¶18 (dissenting) — Because the sentence imposed here looks like a hybrid sentence and acts like a hybrid sentence, I would hold it is a hybrid sentence. When a trial court imposes sentences with some terms running concurrently and others consecutively to each other, then it imposes an illegal hybrid sentence. Accordingly, I would remand for resentencing.
¶19 The majority holds that because the trial court sentenced Green under subsection (2) of RCW 9.94A.589, prior case law invalidating unlawful hybrid sentences un*338der subsection (3) of RCW 9.94A.589 does not apply here. I disagree because trial courts may not impose hybrid sentences under any subsection of RCW 9.94A.589, and the trial court here imposed an unlawful de facto hybrid sentence on Green.
¶20 First, the majority contends that the trial court validly sentenced Green to an exceptional downward sentence under RCW 9.94A.589(2), so State v. Smith, 142 Wn. App. 122, 173 P.3d 973 (2007) and State v. Grayson, 130 Wn. App. 782, 125 P.3d 169 (2005) — that both invalidate hybrid sentences — do not apply here because they involved sentences imposed under RCW 9.94A.589(3). But the majority provides no substantive differences to distinguish the effect of Green’s sentence from the illegal hybrid sentence imposed in Smith. And, though Division One of this court confined its analysis in Grayson to RCW 9.94A.589(3), that same court framed the issue much more broadly in Smith: “We must decide whether the trial court gave . . . Smith a part concurrent, part consecutive ‘hybrid sentence’ in violation of RCW 9.94A.589.” Smith, 142 Wn. App. at 123 (emphasis added). Though Smith involved a sentence imposed under RCW 9.94A.589(3), the court’s broad language implies that the prohibition against hybrid sentencing extends to any sentence imposed under RCW 9.94A.589.
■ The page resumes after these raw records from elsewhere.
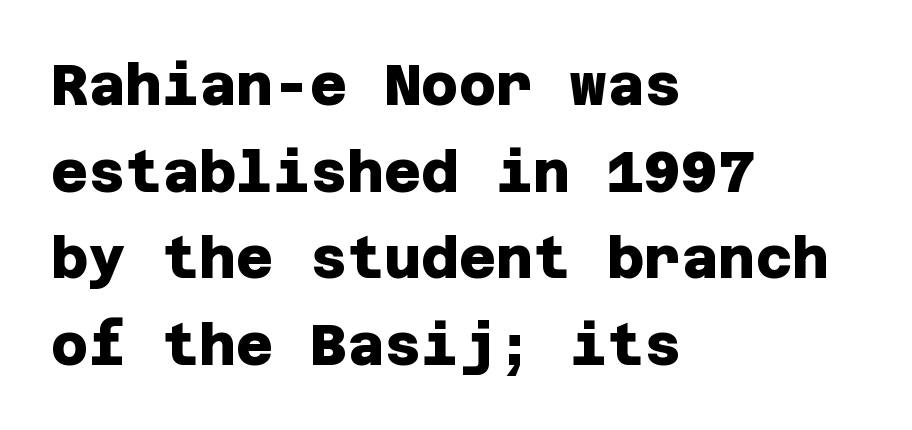
Q: Is the text bold? A: Yes.
Q: Is the typeface a serif or a sans-serif typeface? A: Sans-serif.
Q: Is the text underlined? A: No.
Q: How is the paragraph aligned? A: Left-aligned.
Q: Is the spacing between letters normal or unusually wide? A: Normal.
Q: Is the spacing between lines tight, normal or loose? A: Normal.
Q: Width (condensed, normal, or wide)? A: Normal.
Q: Stroke contrast? A: Low.
Q: x-height? A: Large.
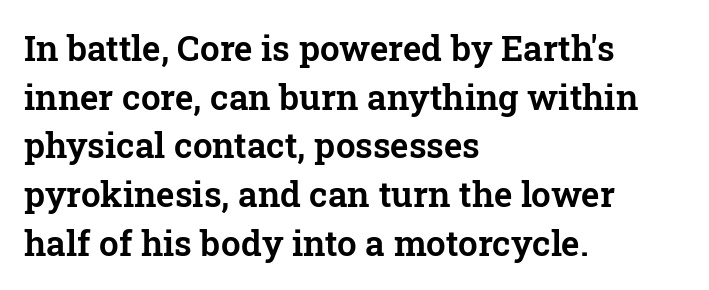
Is there any slant? The stems are plumb. Anything drawn beneath the words? Only blank space. Short note: letters normally spaced. Font category for this specimen: serif. These lines stack with their left ends in a neat column.
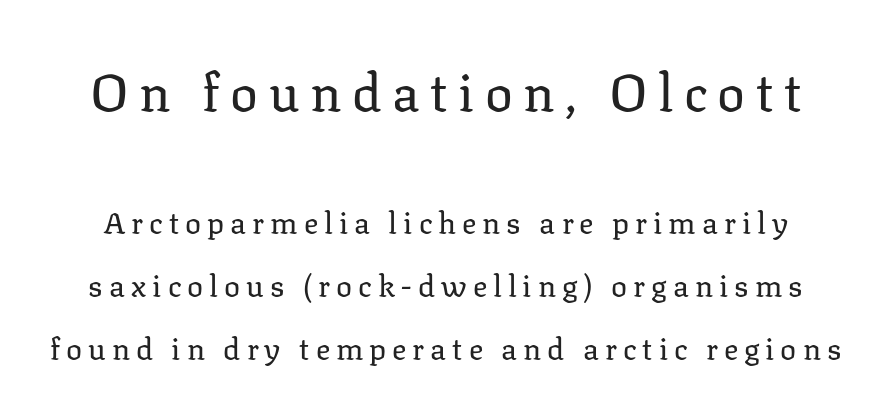
Rule under the text: the space is simply empty. The vertical gap from one line to the next is large. Little horizontal feet cap the strokes, marking this as serif type. These lines have a slow, spaced-out rhythm from letter to letter. Typesetter's note — upper block bumped up in size, lower block left smaller. Tall strokes in this sample are plumb rather than angled.
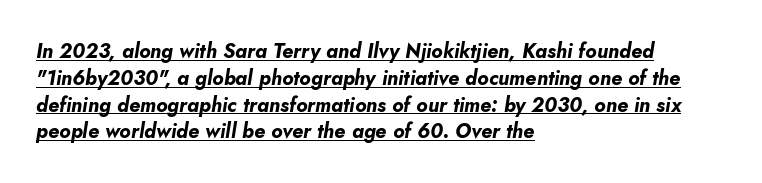
The font's italic variant was chosen for this text. This sample is left-justified, so line endings fall wherever the words run out. Regarding leading, the lines here are spaced in the standard way. Every word sits above its own underline. Weight: bold. Characters follow at the spacing the type designer built in.
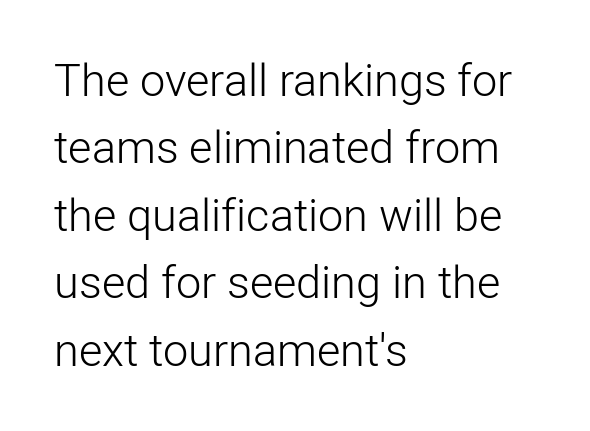
Q: Is the text bold? A: No.
Q: Is the text italic (slanted)? A: No, it is upright.
Q: Is the typeface a serif or a sans-serif typeface? A: Sans-serif.
Q: Is the text underlined? A: No.
Q: How is the paragraph aligned? A: Left-aligned.
Q: Is the spacing between letters normal or unusually wide? A: Normal.
Q: Is the spacing between lines tight, normal or loose? A: Normal.
Q: Width (condensed, normal, or wide)? A: Normal.
Q: Stroke contrast? A: Low.
Q: x-height? A: Medium.
Q: Monospaced? A: No.
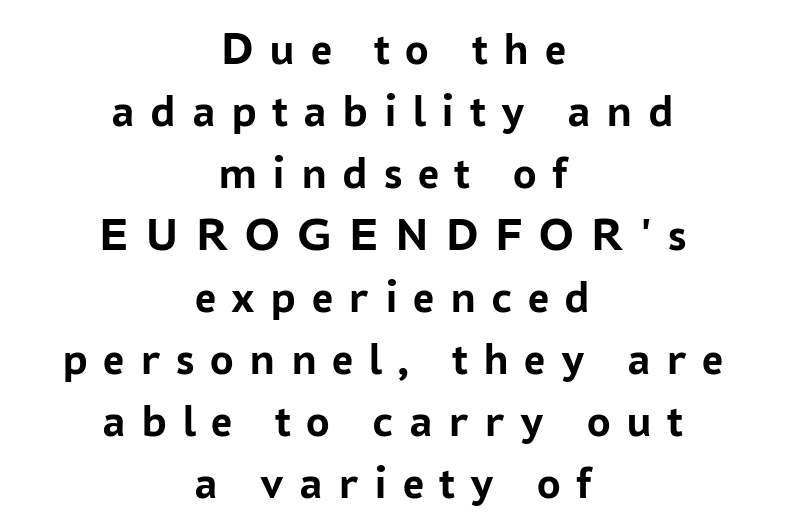
A typesetter would call this proportional, since set widths differ per character. Upright lettering throughout. Layout note: lines centered. Display-style spreading of the glyphs; the letterfit is very open. Does the leading feel generous? No, just average.
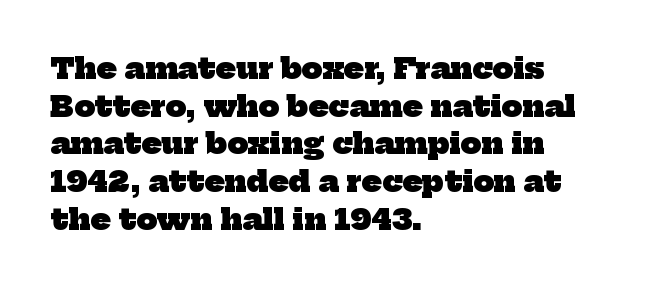
{"serif": "yes", "bold": "yes", "weight": "heavy", "width": "normal", "stroke_contrast": "low", "x_height": "medium", "monospaced": "no", "underline": "no", "align": "left", "line_spacing": "normal", "line_spacing_ratio": 1.3, "letter_spacing": "normal", "letter_spacing_em": 0.0, "glyph_px": 29}

¶21 Second, Green’s case closely mirrors Smith, which invalidated an illegal hybrid sentence. Both cases involved drug offender sentencing alternative (DOSA) and nonDOSA sentence terms. Though Smith received his sentence under a different subsection of RCW 9.94A.589, the trial court ultimately sentenced Smith and Green to similar sentences. Like Smith, Green will serve concurrently his in-custody drug offender sentencing alternative (DOSA) sentence term with the first part of his non-DOSA sentence. See Smith, 142 Wn. App. at 126. Then also like Smith, Green will serve the remaining term of confinement on his nonDOSA sentence. See Smith, 142 Wn. App. at 126. Finally, like Smith, Green will serve his remaining community *339custody portion of his DOSA sentence consecutively to his non-DOSA sentence. Schematically, the trial court sentenced Green to the same type of sentence that Division One declared invalid in Smith. There, in determining the sentence to be invalid, the court reasoned,
Smith also received a hybrid sentence. The in-custody portions of his DOSA sentences run concurrently with his nonDOSA sentence of 43 months, but the community custody portions of his DOSA sentences run consecutively to the non-DOSA sentence. . . . Smith’s sentence is part concurrent and part consecutive.
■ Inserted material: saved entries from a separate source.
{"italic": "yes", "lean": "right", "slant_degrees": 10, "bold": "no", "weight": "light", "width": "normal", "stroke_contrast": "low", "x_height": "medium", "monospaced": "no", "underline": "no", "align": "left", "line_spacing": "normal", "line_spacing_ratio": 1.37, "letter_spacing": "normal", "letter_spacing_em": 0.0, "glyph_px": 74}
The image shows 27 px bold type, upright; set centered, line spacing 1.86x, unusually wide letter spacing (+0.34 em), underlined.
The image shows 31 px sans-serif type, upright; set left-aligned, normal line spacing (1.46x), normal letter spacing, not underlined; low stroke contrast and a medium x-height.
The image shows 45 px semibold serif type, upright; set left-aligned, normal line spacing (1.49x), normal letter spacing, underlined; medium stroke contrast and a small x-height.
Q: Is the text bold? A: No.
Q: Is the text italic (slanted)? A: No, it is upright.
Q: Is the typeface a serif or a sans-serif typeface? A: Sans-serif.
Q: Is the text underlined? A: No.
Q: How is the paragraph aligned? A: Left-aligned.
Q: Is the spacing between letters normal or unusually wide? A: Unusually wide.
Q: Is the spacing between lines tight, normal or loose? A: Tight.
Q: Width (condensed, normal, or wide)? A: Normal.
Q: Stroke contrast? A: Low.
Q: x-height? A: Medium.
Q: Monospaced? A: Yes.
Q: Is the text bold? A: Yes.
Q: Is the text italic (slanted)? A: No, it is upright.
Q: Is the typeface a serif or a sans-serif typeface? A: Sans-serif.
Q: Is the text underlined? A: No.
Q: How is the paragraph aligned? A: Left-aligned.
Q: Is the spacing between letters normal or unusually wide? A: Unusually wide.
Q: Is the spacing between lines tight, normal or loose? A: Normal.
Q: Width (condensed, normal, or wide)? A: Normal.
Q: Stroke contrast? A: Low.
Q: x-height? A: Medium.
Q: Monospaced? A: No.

Smith, 142 Wn. App. at 127-28. This exact language could apply here, by simply changing the appellant’s name and sentence duration. Because again, if a sentence looks like an unlawful hybrid sentence and acts like an unlawful hybrid sentence, it is an unlawful hybrid sentence.
¶22 Given Division One’s broad language in Smith, it is inconsequential that the trial court imposed Green’s sentence under a different statutory subsection than in Smith. Green’s sentence, though imposed under RCW 9.94A-.589(2), constitutes an illegal de facto hybrid sentence, with some terms served concurrently and others consecutively.
¶23 Accordingly, in my view, Green carried his burden, demonstrating by a preponderance of the evidence that under Smith, his hybrid sentence is illegal. Smith, 142 Wn. App. at 127-28. Therefore, I would grant Green’s personal restraint petition and remand for resentencing.